San Mateo County Library, Calif.

Education - Children & Adults | 2015

Innovation Synopsis

In one of the wealthiest counties in the nation, 42% of children can't read on grade level in third grade. SMCL is leading change with targeted enrollment in free intensive learning summer camps of a dosage that matters for second and third graders who are not proficient in reading.

Challenge/Opportunity

80% of a child's waking hours are spent out of school and privileged children are receiving more and more enrichments during that time, which leads to a widening and troubling achievement gap. SMCL developed summer learning enrichment camps and piloted the program in five of the highest need communities in the county. The program enrolled children reading below grade level at a critical intervention point (before entering third grade) to participate in an eight-week, Monday-to-Friday camp that offered over 100 hours of hands-on learning to support the whole child, field trips, free daily lunches and snacks, home libraries for all participants, and family engagement nights. The camps provided dosage of enriching experiences that research shows correlates with arresting or reversing the summer slide.
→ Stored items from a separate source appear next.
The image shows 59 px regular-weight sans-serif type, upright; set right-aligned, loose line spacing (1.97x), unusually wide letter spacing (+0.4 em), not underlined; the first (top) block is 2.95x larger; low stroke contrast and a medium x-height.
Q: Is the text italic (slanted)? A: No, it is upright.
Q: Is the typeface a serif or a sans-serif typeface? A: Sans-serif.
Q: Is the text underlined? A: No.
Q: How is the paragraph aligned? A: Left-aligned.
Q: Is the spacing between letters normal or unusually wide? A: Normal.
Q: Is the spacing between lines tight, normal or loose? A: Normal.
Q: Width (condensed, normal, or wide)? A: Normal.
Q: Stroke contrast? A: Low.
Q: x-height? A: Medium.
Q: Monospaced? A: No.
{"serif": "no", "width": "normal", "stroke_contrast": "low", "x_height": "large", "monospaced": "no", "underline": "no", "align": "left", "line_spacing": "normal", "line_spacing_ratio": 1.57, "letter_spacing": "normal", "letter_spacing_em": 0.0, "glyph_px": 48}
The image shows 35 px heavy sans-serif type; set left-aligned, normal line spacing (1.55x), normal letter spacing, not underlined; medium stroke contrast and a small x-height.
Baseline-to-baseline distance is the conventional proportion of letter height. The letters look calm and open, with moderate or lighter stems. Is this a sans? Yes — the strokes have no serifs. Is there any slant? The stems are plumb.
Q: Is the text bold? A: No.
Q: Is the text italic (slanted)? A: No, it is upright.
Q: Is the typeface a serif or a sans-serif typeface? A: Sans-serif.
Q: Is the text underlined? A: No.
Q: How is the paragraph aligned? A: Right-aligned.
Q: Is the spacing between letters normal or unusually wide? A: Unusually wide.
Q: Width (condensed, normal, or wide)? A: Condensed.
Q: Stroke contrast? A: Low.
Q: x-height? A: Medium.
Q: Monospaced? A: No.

Key Elements of Innovation

We developed the idea of the camps and conducted targeted enrollment to identity children most in need of support in collaboration with schools; partnered with the YMCA to create integrated literacy learning curriculum; partnered to provide free daily meals; and conducted pre and post assessments of the participants. For year two, we are developing original curriculum with a new partner, Center for Childhood Creativity; providing yearlong professional development for library camp staff; revising assessment methods; increasing number of family engagement opportunities; and expanding the program to seven high need communities.


Achieved Outcomes

At the conclusion of our 2014 summer pilot, we served 10,364 healthy meals to children; provided an average of 17 books per family to add to their home libraries; and offered three to four hours of enriching programming per day for the length of the camp. 88% of parents stated their child learned what they hoped she/he would learn by participating in the library learning camp and 100% of library learning camp participants read eight or more books over the summer. We learned there is tremendous need for this kind of program and are updating all summer 2015 curriculum to align with the common core. Collecting meaningful data is a priority and we are building on pilot year experiences to revise collection tools and instruments.